Of course, if you want to prevent B, which I think is a real concern, but don't want to prevent A, you have to be a bit cleverer than the GPL is. You need language something like:

"Header files in the 'path/to/public/includes' directory are part of the external interface of this library, and including them in a program that links against this library is not considered to create a derivative work. Header files in the 'path/to/private/includes' directory, or elsewhere in the source tree, are considered internal to this library, and including them in software that links against this library is considered to create a derivative work".

You already see this in router firmware, as the nature of the licence
means that manufacturers have to release the Linux source code, but
they don't need to release the source code of all their custom drivers.
So you frequently end up with the case where sure, you can install your
own firmware on the router, but you lose WiFi and DSL functionality
because those drivers are closed source.  Which makes installing your
own firmware a bit pointless if you lose most of the functionality of
the product.  This is why version 3 of the GPL was created, to try to
stop this from happening, but alas the Linux kernel is still on version
2 so is not protected and we're in this situation where although the
code is open and available under the GPL, it still can't be used.

This probably has more to do with the attitude of the kernel team than with the GPL 2 vs 3. AFAIK, the GPL2, as intended by the FSF, *would* consider kernel modules to be derivative works of the kernel, and thus require them to be GPLed.
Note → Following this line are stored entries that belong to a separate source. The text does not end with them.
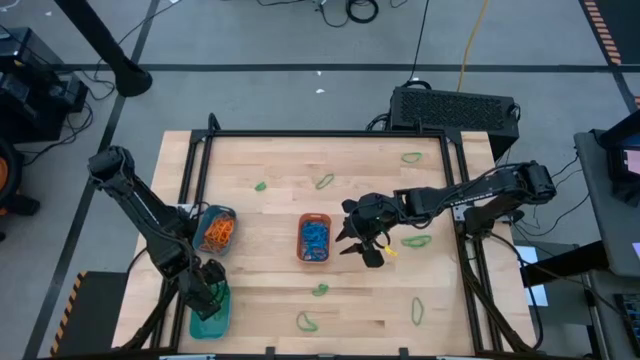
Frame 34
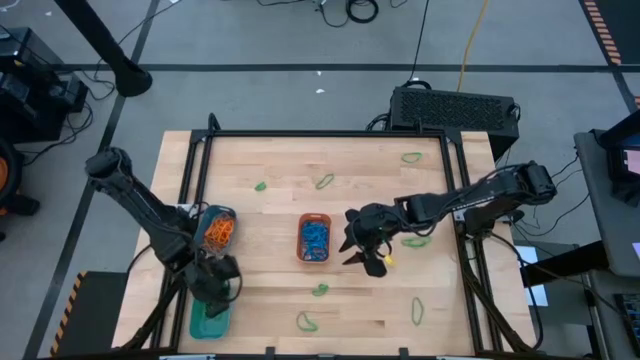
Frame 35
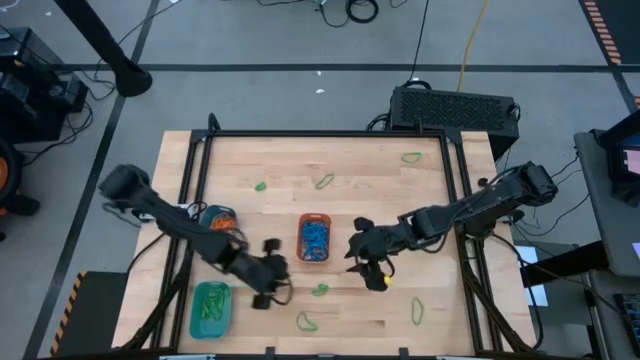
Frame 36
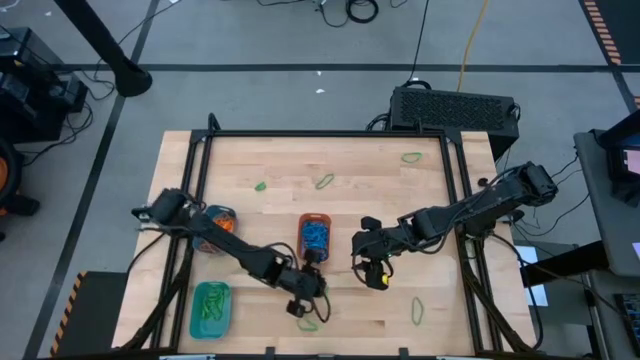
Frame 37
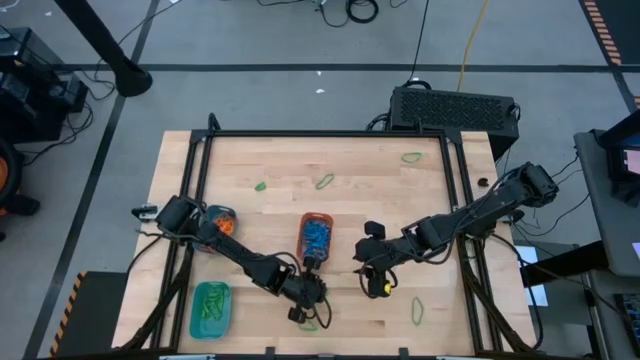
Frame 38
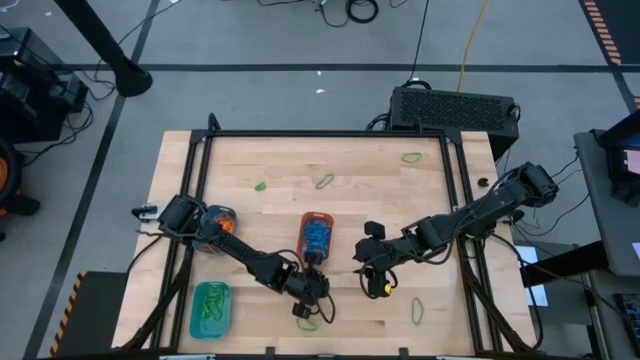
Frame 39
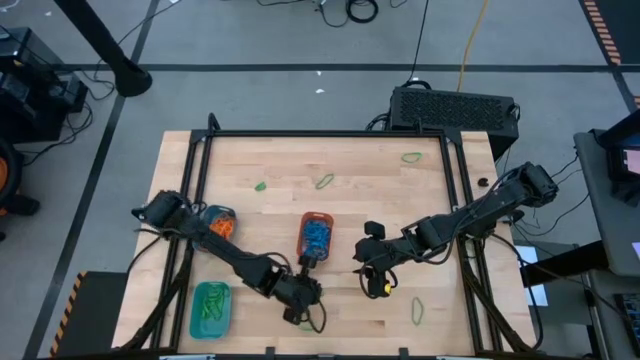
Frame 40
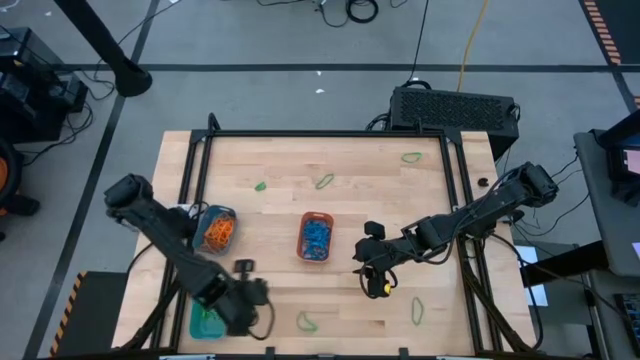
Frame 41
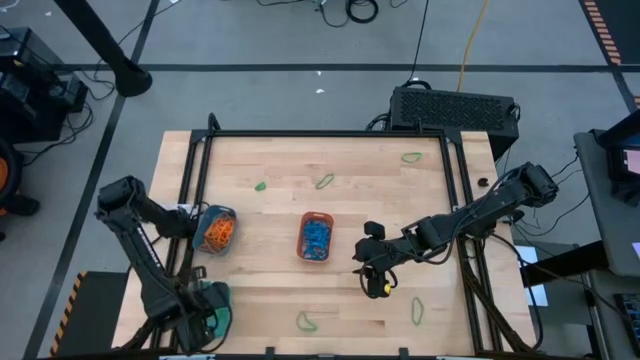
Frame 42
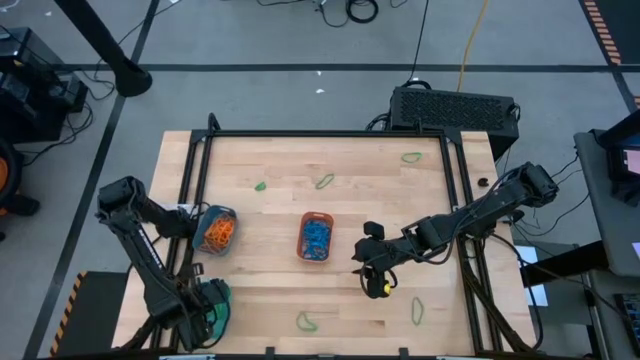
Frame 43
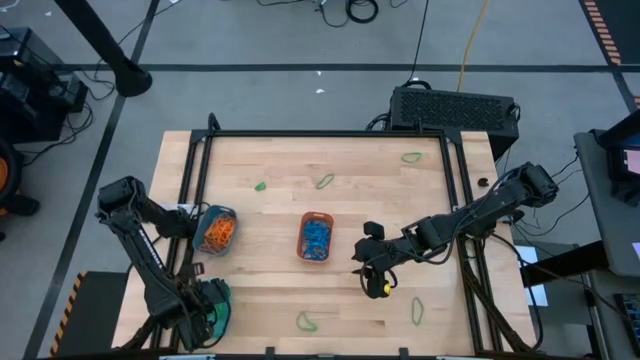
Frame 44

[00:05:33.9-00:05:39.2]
Put the green rubber band into the green bin

I'm not sure of all of the intricacies here, legal or in the attitude of the kernel team, but if the kernel team wanted to enforce the GPL against such modules, they probably could (and the same attitude that makes them not want to enforce it against modules is also why they aren't moving to the GPLv3). The biggest loss I see in the kernel not being under GPLv3 isn't in proprietary modules being a thing, it's the fact that the anti-Tivoization clauses of the GPLv3 don't apply to the kernel.

Frankly, my ideal copyleft license wouldn't necessarily even include a requirement to release sources. However, it would:

1) Require any derivatives have a licenseĀ  applied to whatever does get released. 2) Require that the end user be allowed to use the software, copy it, and redistribute it, as received without restriction. 3) Require that reverse-engineering of binaries be allowed (since we aren't requiring release of sources). 4) Require that if the software, or a derivative work, is cryptographically protected from modification, the owner of the device have ultimate control of the keys. 5) Specify that no attack on the software, or a derivative work, by the device owner in order to obtain control of a device that does not comply with 3 may be considered a circumvention of a technical protection measure under the DMCA (preferably written to cover similar laws in other countries as well). 6) Specify that nobody that creates a derivative work and distributes it may bring a copyright or patent action against any user or distributor of the original work, or any derivative, except to enforce the terms of the copyleft license. 7) Provide language like I used above for distinguishing between internal and external interfaces of a program, and excluding use of the external interfaces from creating a derived work. The author of a given bit of software could then fill those sections in with the actual interfaces covered.